To train a bAge predictor, component scores for GrimAge were estimated for all Generation Scotland samples via Horvath’s online calculator [17] (http://dnamage.genetics.ucla.edu/new). These included EpiScores of smoking and seven proteins—DNAm ADM, DNAm B2M, DNAm cystatin C, DNAm GDF15, DNAm leptin, DNAm PAI1, and DNAm TIMP1. Each variable was then standardised to have a mean of zero and variance of one. We also considered DNAm EpiScores for 109 proteins as described by Gadd et al. [14]. The 109 EpiScores were projected into Generation Scotland via the MethylDetectR [39] Shiny App (https://shiny.igmm.ed.ac.uk/MethylDetectR/) before being standardised to have a mean of zero and variance of one.

This resulted in 116 protein EpiScores, a smoking EpiScore, plus chronological age and sex as features for an elastic net Cox PH model (R package glmnet version 4.1.4), using time to all-cause mortality or censoring as outcome. A 20-fold CV was performed (with approximately 1000 individuals per fold), with individuals from the same Generation Scotland technical batch (see Additional file 1) included in the same fold, and with Harrell’s C index used to identify the optimal λ value (0.0025).

Testing in LBC, FHS, and WHI

We defined bAge as the weighted linear combination of covariates selected by our Cox PH elastic net model (see Results). These estimates were then scaled and returned as a predictor with mean of zero and variance of one, for each dataset. A bAgeAccel estimate was also calculated, which is the residual of bAge regressed on chronological age to obtain measure of accelerated epigenetic ageing.

After regressing on age, we assessed the association between our bAge clock, as well as GrimAge, PhenoAge, and DunedinPACE, and time to all-cause mortality in LBC1921 and LBC1936. GrimAge and PhenoAge were calculated using Horvath’s online calculator [17], whilst DunedinPACE was calculated via the DunedinPACE R package [16] (https://github.com/danbelsky/DunedinPACE). Cox PH models, adjusting for age and sex, were used to evaluate associations between the clocks and all-cause mortality. Further, Cox PH models treating GrimAge, PhenoAge, and DunedinPACE (in turn) as a covariate in addition to our bAge clock were run to assess our predictor’s independent association with mortality.

Finally, associations with time to all-cause mortality in four additional external datasets (FHS, and the WHI studies for White, Black, and Hispanic ancestries) were assessed for GrimAge and bAge, the clocks with the largest associations in the LBC cohorts (Table 2).

We examined Schoenfeld residuals in the LBC1921 and LBC1936 Cox PH models that included age, sex, and our bAge clock as covariates to check the proportional hazards assumption at both global and variable-specific levels using the cox.zph function from the R survival package (version 3.3.1).

CpG-based predictor of mortality

We also investigated a direct CpG predictor for time to all-cause mortality (methods and results described in Additional file 2).
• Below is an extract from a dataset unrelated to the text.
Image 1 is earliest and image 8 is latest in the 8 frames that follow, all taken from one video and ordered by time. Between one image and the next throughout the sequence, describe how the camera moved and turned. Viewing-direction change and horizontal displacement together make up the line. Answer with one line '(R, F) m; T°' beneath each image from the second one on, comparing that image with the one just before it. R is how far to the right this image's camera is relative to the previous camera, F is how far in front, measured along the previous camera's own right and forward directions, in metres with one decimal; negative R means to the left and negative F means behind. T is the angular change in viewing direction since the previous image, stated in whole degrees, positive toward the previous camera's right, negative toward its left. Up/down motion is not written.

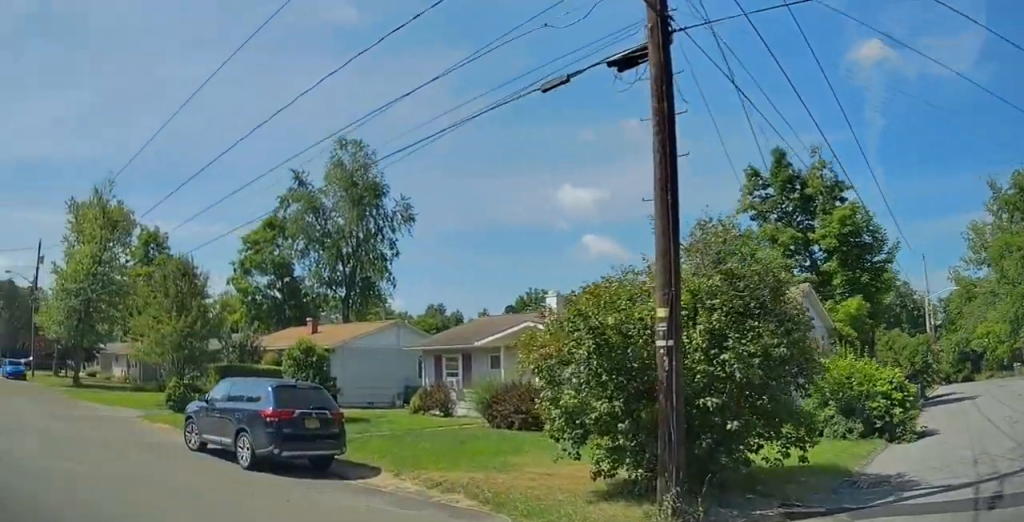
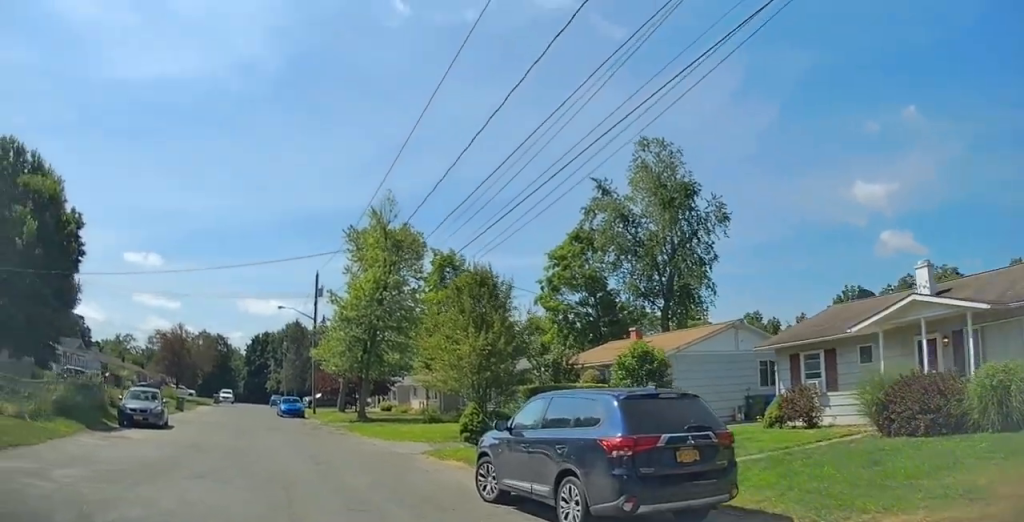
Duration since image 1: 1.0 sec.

This predictor was found to have weaker associations with time to all-cause mortality in the LBC cohorts than the aforementioned bAge estimate, both when training just on CpGs as well as when considering both CpGs and EpiScores as training features.

Enrichment analyses

Gene set enrichment analyses were performed using the Functional Mapping and Annotation (FUMA) GENE2FUNC tool [40], which employs a hypergeometric test. Background genes employed included all unique genes tagged by CpGs in the EPIC array. A false discovery rate (FDR) p-value threshold was set at 0.05, and the minimum number of overlapping genes within gene sets was set to 2. These analyses did not explicitly account for Illumina chip biases relating to how CpGs are annotated to genes [41], which may have influenced our results.